**PROBLEM DESCRIPTION:** Print, please, the line that contains "3'b100:WTimeOfTCountThree=5'b00110;" and each line after it to the end of the entries, unchanged and with nothing else.

**DATA SUPPLIED:**
Start of Block
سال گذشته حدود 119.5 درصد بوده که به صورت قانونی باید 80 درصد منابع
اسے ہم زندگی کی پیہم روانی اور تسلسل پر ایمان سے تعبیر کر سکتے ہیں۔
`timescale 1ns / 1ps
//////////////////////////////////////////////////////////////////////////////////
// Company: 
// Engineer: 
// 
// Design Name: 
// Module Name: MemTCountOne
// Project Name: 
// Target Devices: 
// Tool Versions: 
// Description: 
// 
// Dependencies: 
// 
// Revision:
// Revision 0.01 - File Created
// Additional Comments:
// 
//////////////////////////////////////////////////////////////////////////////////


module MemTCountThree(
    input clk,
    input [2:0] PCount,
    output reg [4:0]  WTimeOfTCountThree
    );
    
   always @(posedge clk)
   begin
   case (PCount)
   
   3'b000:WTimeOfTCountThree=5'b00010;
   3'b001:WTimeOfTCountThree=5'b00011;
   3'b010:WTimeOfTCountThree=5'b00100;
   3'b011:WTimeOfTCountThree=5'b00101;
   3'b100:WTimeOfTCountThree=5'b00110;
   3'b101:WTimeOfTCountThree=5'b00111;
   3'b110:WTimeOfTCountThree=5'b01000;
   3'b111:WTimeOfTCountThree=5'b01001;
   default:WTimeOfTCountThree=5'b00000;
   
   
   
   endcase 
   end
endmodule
End of Block
**RESPONSE:**
   3'b100:WTimeOfTCountThree=5'b00110;
   3'b101:WTimeOfTCountThree=5'b00111;
   3'b110:WTimeOfTCountThree=5'b01000;
   3'b111:WTimeOfTCountThree=5'b01001;
   default:WTimeOfTCountThree=5'b00000;
   
   
   
   endcase 
   end
endmodule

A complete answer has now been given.